By Kevin Keane, BBC Scotland environment and rural affairs correspondent

Although the BSE case in Scotland is significant, the industry is genuinely not concerned about any immediate impact. Movement restrictions only apply to the farm identified.

Unlike in the 1980s and 90s, the disease is more clearly understood. There have long been cases of BSE and there will continue to be so. But the practice of feeding infected meat and bonemeal back to the cattle was what led to the rapid acceleration in numbers which became the crisis.

Some of the most recent cases are a legacy of that - the offspring of older cattle. But the Aberdeenshire case is in a five-year-old animal and so it is likely that it was just predisposed to the condition.

A lot has changed since the BSE crisis. Brain and spinal cord no longer enter the food chain and there's a more rigorous process for monitoring. So the risk to human health is virtually nil. And it is not a condition that can be passed from animal to animal, other than through birth.
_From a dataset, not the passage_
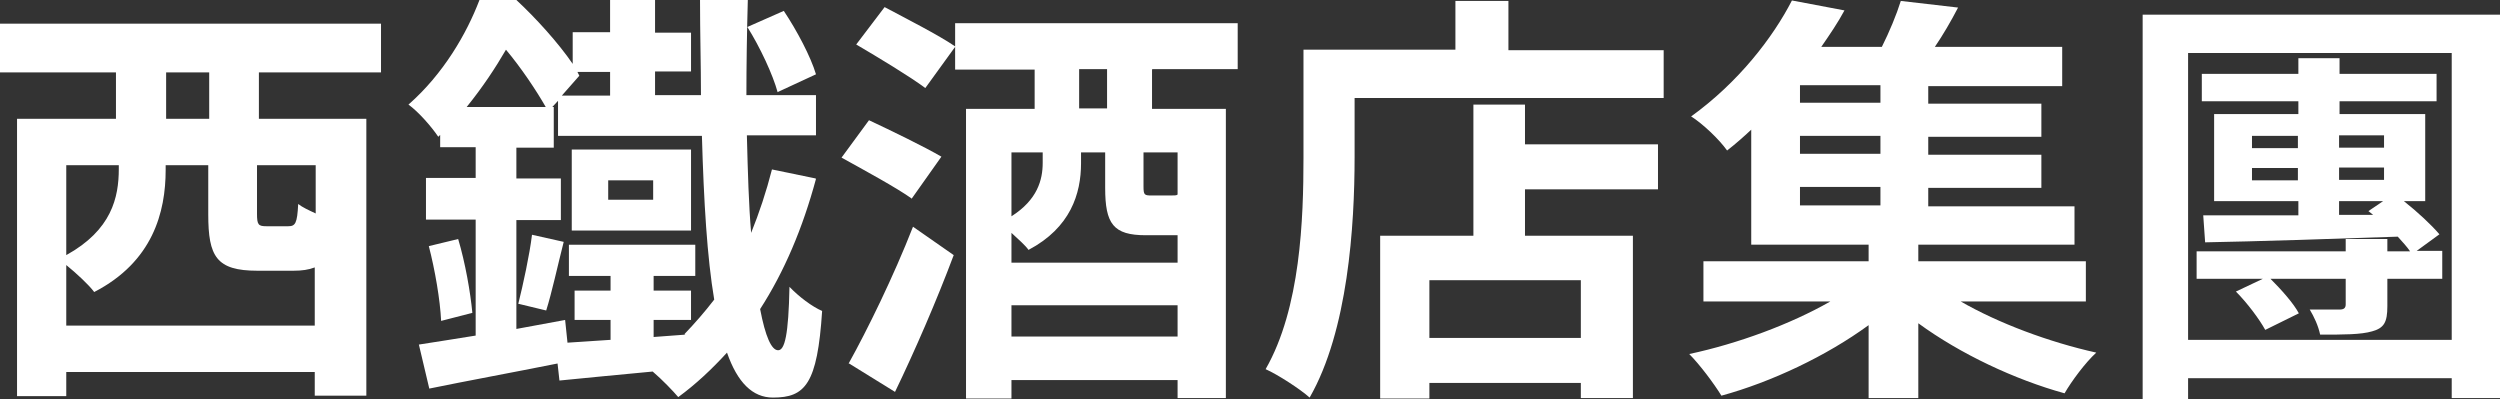 <?xml version="1.0" encoding="UTF-8"?><svg id="_レイヤー_2" xmlns="http://www.w3.org/2000/svg" width="52.82" height="8.43" viewBox="0 0 52.82 8.43"><rect x="0" y="0" width="52.82" height="8.43" fill="#333333" stroke="none"/><defs><style>.cls-1{fill:#fff;}</style></defs><g id="_レイヤー_1-2"><path class="cls-1" d="m5.47,1.53v.98h2.27v5.85h-1.09v-.5H1.4v.51H.36V2.51h2.09v-.98H0V.5h8.05v1.03h-2.58Zm1.18,5.36v-1.24c-.13.05-.27.07-.45.07h-.76c-.87,0-1.04-.3-1.04-1.19v-1.04h-.9v.1c0,.89-.27,1.94-1.51,2.58-.11-.15-.38-.4-.59-.57v1.28h5.26ZM1.4,3.49v1.9c.96-.53,1.11-1.22,1.11-1.82v-.08h-1.11Zm3.02-1.96h-.91v.98h.91v-.98Zm2.24,1.96h-1.23v1.03c0,.23.03.26.2.26h.46c.15,0,.19-.06.21-.47.09.07.22.13.37.2v-1.02Z"/><path class="cls-1" d="m17.24,3.78c-.28,1.04-.67,1.96-1.18,2.75.11.58.24.87.38.87s.22-.32.24-1.34c.2.21.48.42.69.51-.1,1.55-.36,1.83-1.04,1.83-.43,0-.75-.32-.97-.95-.32.35-.66.67-1.03.94-.11-.13-.34-.37-.54-.54-.71.07-1.4.13-1.97.19l-.04-.36c-.95.19-1.93.37-2.71.53l-.22-.93c.34-.05.75-.12,1.2-.19v-2.45h-1.05v-.88h1.05v-.65h-.75v-.26l-.04.04c-.14-.21-.42-.53-.63-.68.74-.65,1.23-1.5,1.5-2.21h.78c.41.38.89.91,1.19,1.35v-.67h.79V0h.95v.69h.76v.82h-.76v.5h.97c0-.63-.02-1.31-.02-2.02h1.01c-.02.72-.03,1.4-.03,2.02h1.47v.85h-1.46c.02.79.04,1.48.09,2.06.17-.42.32-.87.44-1.34l.92.19Zm-7.56,1.27c.15.5.26,1.13.3,1.56l-.66.17c-.02-.44-.13-1.08-.26-1.58l.62-.15Zm1.85-2.79c-.2-.35-.52-.83-.84-1.21-.22.38-.49.79-.83,1.21h1.67Zm2.93,4.8c.22-.23.43-.47.63-.73-.15-.89-.22-2.06-.26-3.46h-3.04v-.74l-.12.13h.03v.86h-.79v.65h.94v.88h-.94v2.3l1.03-.19.05.48.91-.06v-.42h-.76v-.62h.76v-.31h-.88v-.66h2.67v.66h-.88v.31h.79v.62h-.79v.36l.67-.05Zm-3.51-.64c.1-.4.24-1.04.29-1.46l.67.15c-.13.51-.25,1.07-.37,1.45l-.58-.14Zm1.25-4.9l.04.08-.37.42h1.02v-.5h-.69Zm-.12,1.64h2.52v1.71h-2.52v-1.71Zm.77,1.06h.95v-.41h-.95v.41Zm3.58-2.27c-.1-.37-.37-.95-.64-1.38l.77-.34c.28.42.57.97.68,1.34l-.82.38Z"/><path class="cls-1" d="m19.27,4.2c-.32-.23-1.02-.61-1.49-.87l.58-.79c.47.22,1.17.56,1.53.77l-.63.89Zm-1.34,3.48c.39-.7.95-1.84,1.36-2.89l.86.6c-.36.96-.82,2.02-1.24,2.89l-.97-.6Zm6.41-6.21v.83h1.56v6.11h-1.02v-.38h-3.51v.39h-.96V2.3h1.45v-.83h-1.68v-.48l-.63.87c-.32-.24-1-.65-1.46-.92l.6-.79c.45.24,1.14.59,1.49.83v-.49h5.97v.97h-1.8Zm-.13,3.5c-.69,0-.86-.24-.86-1v-.75h-.51v.23c0,.64-.22,1.36-1.11,1.83-.06-.09-.22-.23-.36-.36v.63h3.51v-.58h-.67Zm-2.84-1.75v1.35c.55-.35.66-.77.66-1.13v-.22h-.66Zm3.51,3.89v-.66h-3.51v.66h3.51Zm-1.49-5.65h-.59v.83h.59v-.83Zm1.49,1.76h-.72v.72c0,.18.02.19.17.19h.41c.08,0,.12,0,.14-.02v-.89Z"/><path class="cls-1" d="m35.15,1.05v1.02h-6.53v1.25c0,1.45-.14,3.67-.95,5.08-.2-.18-.68-.49-.93-.6.74-1.29.8-3.18.8-4.47V1.05h3.21V.02h1.12v1.04h3.28Zm-2.93,2h2.81v.95h-2.81v.98h2.28v3.43h-1.1v-.32h-3.2v.33h-1.04v-3.44h1.97v-2.77h1.09v.85Zm1.18,2.87h-3.2v1.22h3.2v-1.22Z"/><path class="cls-1" d="m41.41,6.36c.81.47,1.89.87,2.88,1.09-.23.21-.52.6-.67.86-1.05-.29-2.2-.83-3.09-1.48v1.58h-1.05v-1.54c-.89.65-2.05,1.2-3.11,1.49-.16-.26-.46-.66-.68-.88,1.03-.22,2.14-.63,2.98-1.11h-2.68v-.85h3.49v-.35h-2.48v-2.43c-.16.15-.33.3-.51.44-.17-.24-.52-.57-.76-.72,1-.72,1.73-1.67,2.13-2.45l1.11.21c-.14.26-.31.51-.49.77h1.28c.16-.32.31-.68.4-.97l1.21.14c-.15.29-.32.58-.49.83h2.69v.83h-2.83v.37h2.39v.7h-2.39v.38h2.39v.7h-2.39v.39h3.09v.81h-3.3v.35h3.54v.85h-2.66Zm-1.68-4.56h-1.7v.37h1.7v-.37Zm0,1.07h-1.7v.38h1.7v-.38Zm-1.7,1.47h1.7v-.39h-1.7v.39Z"/><path class="cls-1" d="m52.82.31v8.1h-1.02v-.42h-5.57v.44h-.96V.31h7.55Zm-1.02,6.87V1.12h-5.57v6.06h5.57Zm-.2-1.29h-1.16v.58c0,.34-.07.46-.32.53-.24.07-.6.07-1.1.07-.04-.19-.13-.38-.22-.53.25,0,.55,0,.63,0,.09,0,.13-.03.13-.11v-.54h-1.59c.23.23.49.52.6.73l-.71.35c-.12-.22-.38-.57-.62-.81l.57-.27h-1.4v-.58h3.15v-.26h.88v.26h.48c-.06-.09-.16-.2-.26-.31-1.49.05-2.97.1-4.07.12l-.04-.57h2.01v-.3h-1.78v-1.84h1.78v-.27h-2.04v-.58h2.04v-.33h.87v.33h2.05v.58h-2.05v.27h1.81v1.84h-.45c.29.23.58.5.75.7l-.48.35h.54v.58Zm-4.02-2.76h.97v-.26h-.97v.26Zm.97.68v-.26h-.97v.26h.97Zm.87-.95v.26h.95v-.26h-.95Zm.95.68h-.95v.26h.95v-.26Zm-.95,1h.72l-.1-.08.31-.21h-.93v.29Z"/></g></svg>

The biggest concern is in international confidence. BSE has long been a barrier to exporting beef as other countries did not want anything to do with nations where there had been cases.

It has been a decade since the last case in Scotland. A country is classed as 'negligible risk' 11 years after the birth of the last known case and that status was achieved in 2016. This latest case takes them back a step but only to the same level as the rest of the UK.

But with Brexit on the horizon - and wider trade deals being a big part of that - there are fears that this will be a barrier to entering new markets.